▶ INSTRUCTIONS FOR THE TASK
From the entries, copy each line that includes "clip".

▶ RECORDS FOR THIS TASK
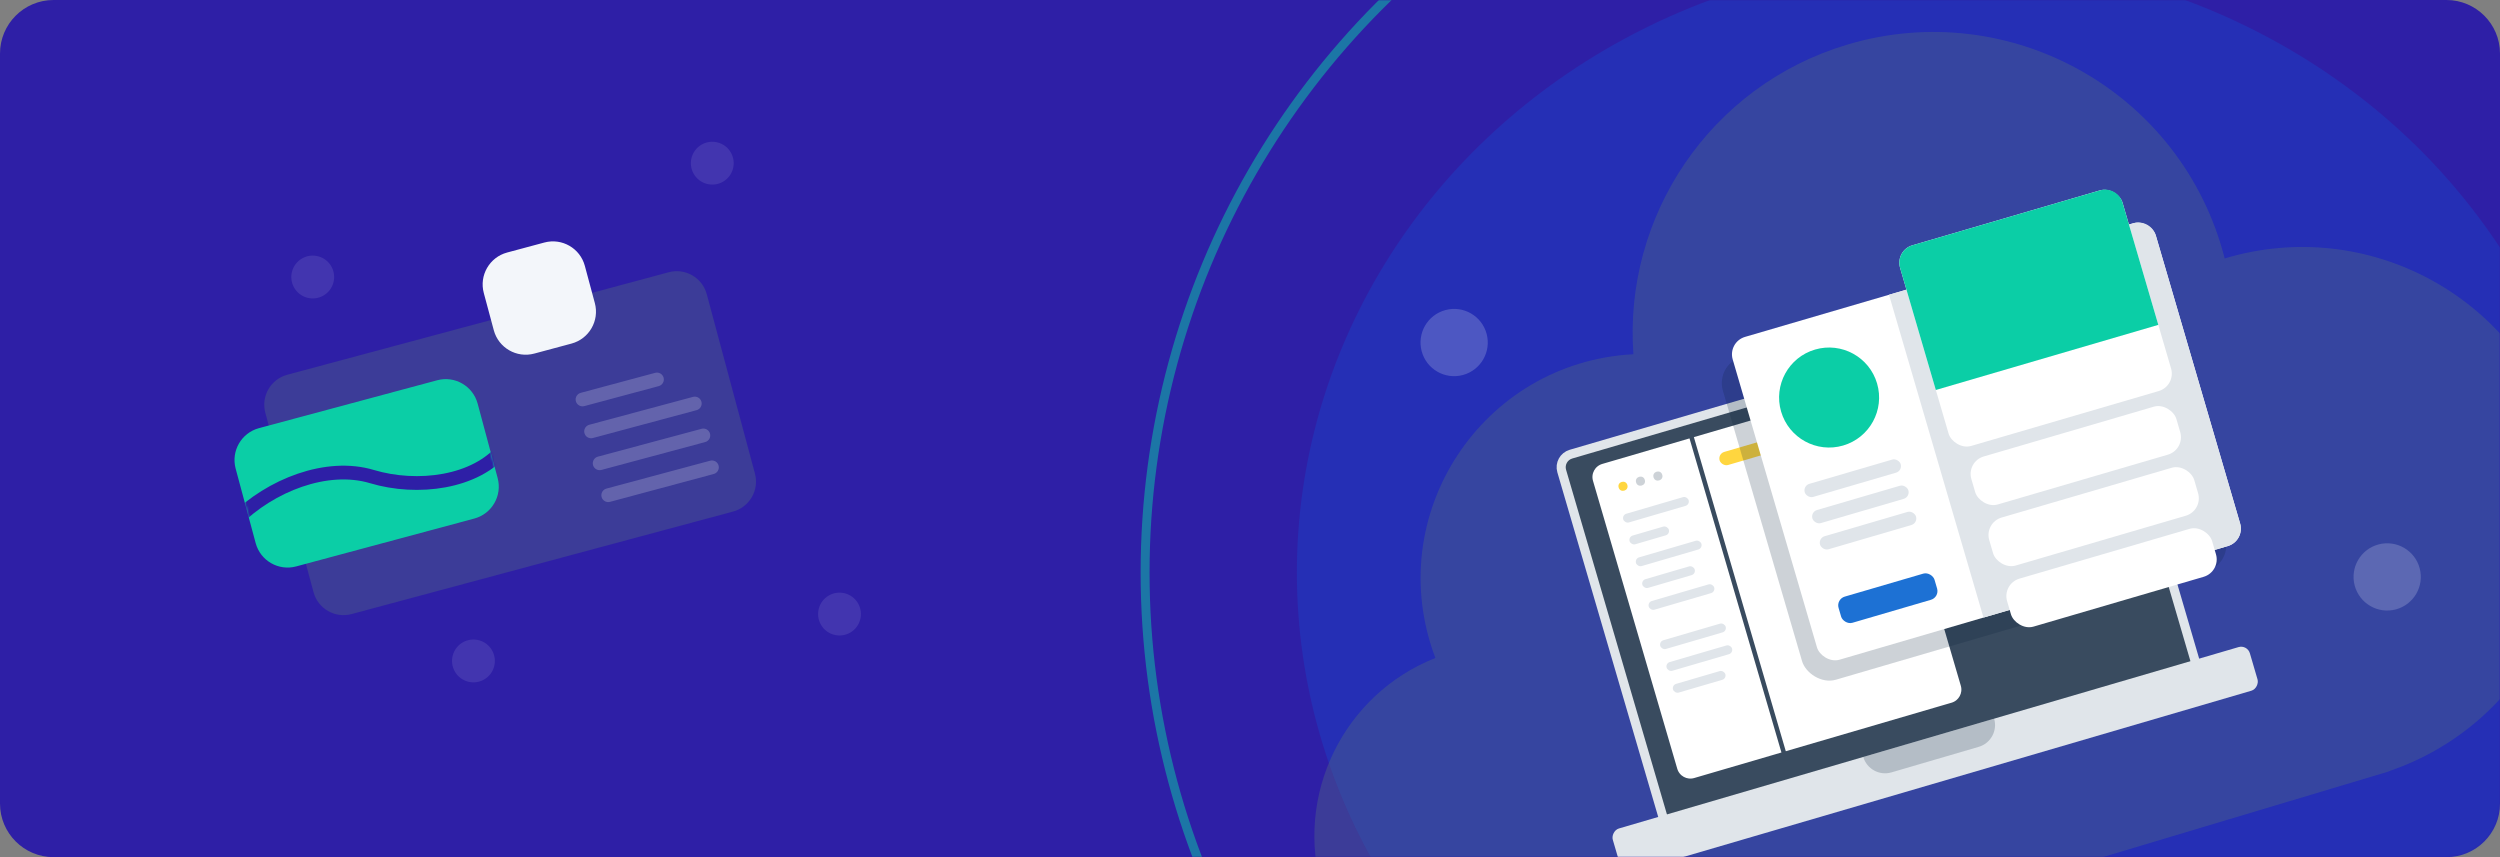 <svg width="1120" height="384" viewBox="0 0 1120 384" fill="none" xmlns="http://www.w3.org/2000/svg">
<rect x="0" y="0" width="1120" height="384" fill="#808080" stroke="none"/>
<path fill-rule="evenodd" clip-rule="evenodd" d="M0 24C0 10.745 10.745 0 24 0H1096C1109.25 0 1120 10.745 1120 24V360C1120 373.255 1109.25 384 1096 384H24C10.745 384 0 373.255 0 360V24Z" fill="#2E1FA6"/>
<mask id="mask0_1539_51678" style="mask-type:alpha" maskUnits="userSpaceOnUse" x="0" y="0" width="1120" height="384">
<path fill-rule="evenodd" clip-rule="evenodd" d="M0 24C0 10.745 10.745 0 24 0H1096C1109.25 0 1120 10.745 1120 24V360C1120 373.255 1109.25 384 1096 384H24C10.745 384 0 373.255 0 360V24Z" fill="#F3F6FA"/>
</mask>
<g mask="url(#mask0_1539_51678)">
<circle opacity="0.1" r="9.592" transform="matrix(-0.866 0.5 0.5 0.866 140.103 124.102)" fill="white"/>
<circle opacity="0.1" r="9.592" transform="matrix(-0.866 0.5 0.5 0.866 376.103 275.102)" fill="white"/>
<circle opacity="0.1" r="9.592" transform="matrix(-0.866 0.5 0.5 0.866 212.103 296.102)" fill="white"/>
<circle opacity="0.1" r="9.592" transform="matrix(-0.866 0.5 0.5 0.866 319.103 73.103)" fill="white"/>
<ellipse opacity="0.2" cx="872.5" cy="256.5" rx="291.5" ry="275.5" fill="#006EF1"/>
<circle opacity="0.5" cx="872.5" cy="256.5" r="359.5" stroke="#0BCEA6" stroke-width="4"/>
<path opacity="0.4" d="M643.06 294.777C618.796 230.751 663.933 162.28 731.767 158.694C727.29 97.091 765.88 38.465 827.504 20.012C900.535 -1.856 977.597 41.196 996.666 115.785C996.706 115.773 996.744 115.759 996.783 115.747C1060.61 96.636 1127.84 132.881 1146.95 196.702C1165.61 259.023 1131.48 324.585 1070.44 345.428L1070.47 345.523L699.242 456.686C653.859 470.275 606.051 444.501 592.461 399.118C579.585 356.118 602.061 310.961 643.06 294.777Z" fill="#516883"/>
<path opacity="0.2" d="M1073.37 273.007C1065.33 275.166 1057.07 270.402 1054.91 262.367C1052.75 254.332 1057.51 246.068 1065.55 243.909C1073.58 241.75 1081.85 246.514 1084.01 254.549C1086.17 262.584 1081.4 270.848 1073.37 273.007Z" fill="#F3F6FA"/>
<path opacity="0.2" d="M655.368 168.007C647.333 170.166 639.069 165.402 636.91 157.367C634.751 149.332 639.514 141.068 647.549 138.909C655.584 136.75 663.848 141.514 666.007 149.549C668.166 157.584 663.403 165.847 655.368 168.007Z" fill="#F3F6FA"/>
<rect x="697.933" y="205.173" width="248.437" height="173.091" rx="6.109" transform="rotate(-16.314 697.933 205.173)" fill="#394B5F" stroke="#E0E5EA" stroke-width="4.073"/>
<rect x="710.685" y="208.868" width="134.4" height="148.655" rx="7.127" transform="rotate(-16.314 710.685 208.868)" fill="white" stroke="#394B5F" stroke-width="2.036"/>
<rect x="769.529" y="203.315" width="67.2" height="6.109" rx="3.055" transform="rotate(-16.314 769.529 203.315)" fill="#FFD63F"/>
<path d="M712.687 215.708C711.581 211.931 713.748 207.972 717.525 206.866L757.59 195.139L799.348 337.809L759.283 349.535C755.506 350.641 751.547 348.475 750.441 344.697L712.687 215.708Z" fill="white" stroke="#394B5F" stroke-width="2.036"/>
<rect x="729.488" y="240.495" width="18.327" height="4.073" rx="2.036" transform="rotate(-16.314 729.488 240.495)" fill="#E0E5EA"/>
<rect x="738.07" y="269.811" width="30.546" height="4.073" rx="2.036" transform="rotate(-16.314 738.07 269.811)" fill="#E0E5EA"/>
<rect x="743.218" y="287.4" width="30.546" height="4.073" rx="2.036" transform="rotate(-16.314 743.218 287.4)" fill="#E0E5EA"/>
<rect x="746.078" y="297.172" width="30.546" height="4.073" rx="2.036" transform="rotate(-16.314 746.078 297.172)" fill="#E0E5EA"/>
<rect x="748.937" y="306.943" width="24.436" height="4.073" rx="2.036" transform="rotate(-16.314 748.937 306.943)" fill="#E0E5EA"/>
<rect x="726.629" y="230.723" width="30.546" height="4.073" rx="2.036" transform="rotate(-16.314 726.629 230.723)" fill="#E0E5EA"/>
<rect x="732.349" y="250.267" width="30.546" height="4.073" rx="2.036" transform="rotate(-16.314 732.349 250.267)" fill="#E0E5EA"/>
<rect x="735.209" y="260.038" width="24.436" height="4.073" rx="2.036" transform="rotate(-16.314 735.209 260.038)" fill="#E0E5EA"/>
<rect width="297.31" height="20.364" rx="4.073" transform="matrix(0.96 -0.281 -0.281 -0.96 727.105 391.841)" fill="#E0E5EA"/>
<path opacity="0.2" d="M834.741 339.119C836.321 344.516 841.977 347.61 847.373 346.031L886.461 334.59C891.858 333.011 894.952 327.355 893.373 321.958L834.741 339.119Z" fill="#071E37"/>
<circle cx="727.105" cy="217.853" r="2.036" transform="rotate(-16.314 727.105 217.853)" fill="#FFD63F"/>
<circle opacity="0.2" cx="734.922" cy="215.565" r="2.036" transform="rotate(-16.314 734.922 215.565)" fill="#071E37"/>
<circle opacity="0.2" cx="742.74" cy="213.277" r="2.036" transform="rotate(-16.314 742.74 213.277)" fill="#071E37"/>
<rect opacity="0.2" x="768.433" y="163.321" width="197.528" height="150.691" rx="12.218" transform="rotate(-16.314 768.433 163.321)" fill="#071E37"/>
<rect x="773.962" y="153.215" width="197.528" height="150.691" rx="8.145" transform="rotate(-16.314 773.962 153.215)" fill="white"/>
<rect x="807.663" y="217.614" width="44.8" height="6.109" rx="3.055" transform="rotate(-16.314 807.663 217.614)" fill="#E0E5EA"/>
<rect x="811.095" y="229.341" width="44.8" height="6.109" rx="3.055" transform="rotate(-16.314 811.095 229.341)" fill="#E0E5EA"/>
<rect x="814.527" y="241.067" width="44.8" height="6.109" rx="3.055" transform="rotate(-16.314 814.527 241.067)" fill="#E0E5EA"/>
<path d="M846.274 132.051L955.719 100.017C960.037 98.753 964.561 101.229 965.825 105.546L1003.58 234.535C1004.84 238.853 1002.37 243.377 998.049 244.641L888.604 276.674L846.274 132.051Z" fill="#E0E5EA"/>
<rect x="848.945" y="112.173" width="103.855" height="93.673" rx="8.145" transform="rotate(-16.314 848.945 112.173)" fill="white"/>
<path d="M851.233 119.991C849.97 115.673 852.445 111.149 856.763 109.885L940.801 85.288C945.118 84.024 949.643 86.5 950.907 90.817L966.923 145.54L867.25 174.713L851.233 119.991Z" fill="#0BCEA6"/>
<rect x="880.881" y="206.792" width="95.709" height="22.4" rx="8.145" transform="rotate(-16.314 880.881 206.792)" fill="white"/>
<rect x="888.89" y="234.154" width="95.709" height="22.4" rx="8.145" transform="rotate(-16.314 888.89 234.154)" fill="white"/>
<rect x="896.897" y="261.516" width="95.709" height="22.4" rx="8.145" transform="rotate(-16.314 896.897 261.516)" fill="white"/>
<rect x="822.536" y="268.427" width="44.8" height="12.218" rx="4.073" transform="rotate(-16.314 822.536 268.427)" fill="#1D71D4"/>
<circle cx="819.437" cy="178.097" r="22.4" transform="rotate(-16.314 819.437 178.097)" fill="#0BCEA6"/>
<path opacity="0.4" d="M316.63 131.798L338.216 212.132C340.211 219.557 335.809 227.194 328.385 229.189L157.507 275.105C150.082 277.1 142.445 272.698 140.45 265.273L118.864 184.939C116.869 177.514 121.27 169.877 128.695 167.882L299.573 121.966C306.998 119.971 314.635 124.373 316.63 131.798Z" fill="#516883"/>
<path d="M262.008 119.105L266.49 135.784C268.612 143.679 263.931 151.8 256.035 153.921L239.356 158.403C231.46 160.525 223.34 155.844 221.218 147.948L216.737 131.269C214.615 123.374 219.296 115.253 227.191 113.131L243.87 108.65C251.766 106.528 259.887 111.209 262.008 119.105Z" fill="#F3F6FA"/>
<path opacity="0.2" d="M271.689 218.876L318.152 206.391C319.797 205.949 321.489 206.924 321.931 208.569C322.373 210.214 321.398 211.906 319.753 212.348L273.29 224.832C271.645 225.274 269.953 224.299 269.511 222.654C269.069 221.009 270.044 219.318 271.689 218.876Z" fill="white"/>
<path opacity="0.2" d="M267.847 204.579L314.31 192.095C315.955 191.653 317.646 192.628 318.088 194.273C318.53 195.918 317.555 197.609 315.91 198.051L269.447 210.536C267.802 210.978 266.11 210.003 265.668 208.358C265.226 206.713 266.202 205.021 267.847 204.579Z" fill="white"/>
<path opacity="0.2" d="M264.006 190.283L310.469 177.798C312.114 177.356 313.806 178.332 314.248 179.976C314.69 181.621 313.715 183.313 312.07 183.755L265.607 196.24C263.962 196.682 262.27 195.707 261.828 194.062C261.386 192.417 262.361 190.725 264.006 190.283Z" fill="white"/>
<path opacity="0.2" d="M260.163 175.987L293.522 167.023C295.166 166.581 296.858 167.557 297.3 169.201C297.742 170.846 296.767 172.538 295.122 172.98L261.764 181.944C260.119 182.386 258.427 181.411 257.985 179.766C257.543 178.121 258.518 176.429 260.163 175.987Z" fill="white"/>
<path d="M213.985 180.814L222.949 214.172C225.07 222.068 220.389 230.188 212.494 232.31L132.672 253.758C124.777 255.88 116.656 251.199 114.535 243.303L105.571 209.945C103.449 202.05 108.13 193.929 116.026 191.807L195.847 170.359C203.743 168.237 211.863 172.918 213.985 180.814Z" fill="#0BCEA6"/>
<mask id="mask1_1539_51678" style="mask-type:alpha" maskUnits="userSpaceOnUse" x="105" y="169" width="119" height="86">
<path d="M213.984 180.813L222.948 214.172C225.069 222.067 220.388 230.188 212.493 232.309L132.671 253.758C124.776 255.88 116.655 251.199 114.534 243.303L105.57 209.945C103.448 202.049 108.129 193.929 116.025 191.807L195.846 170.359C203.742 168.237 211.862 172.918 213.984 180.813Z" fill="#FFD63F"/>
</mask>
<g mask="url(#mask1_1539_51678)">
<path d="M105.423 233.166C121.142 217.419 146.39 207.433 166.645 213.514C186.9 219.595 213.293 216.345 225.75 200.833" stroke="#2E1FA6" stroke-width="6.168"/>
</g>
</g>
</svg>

▶ EXERCISE SOLUTION
<path fill-rule="evenodd" clip-rule="evenodd" d="M0 24C0 10.745 10.745 0 24 0H1096C1109.25 0 1120 10.745 1120 24V360C1120 373.255 1109.25 384 1096 384H24C10.745 384 0 373.255 0 360V24Z" fill="#2E1FA6"/>
<path fill-rule="evenodd" clip-rule="evenodd" d="M0 24C0 10.745 10.745 0 24 0H1096C1109.25 0 1120 10.745 1120 24V360C1120 373.255 1109.25 384 1096 384H24C10.745 384 0 373.255 0 360V24Z" fill="#F3F6FA"/>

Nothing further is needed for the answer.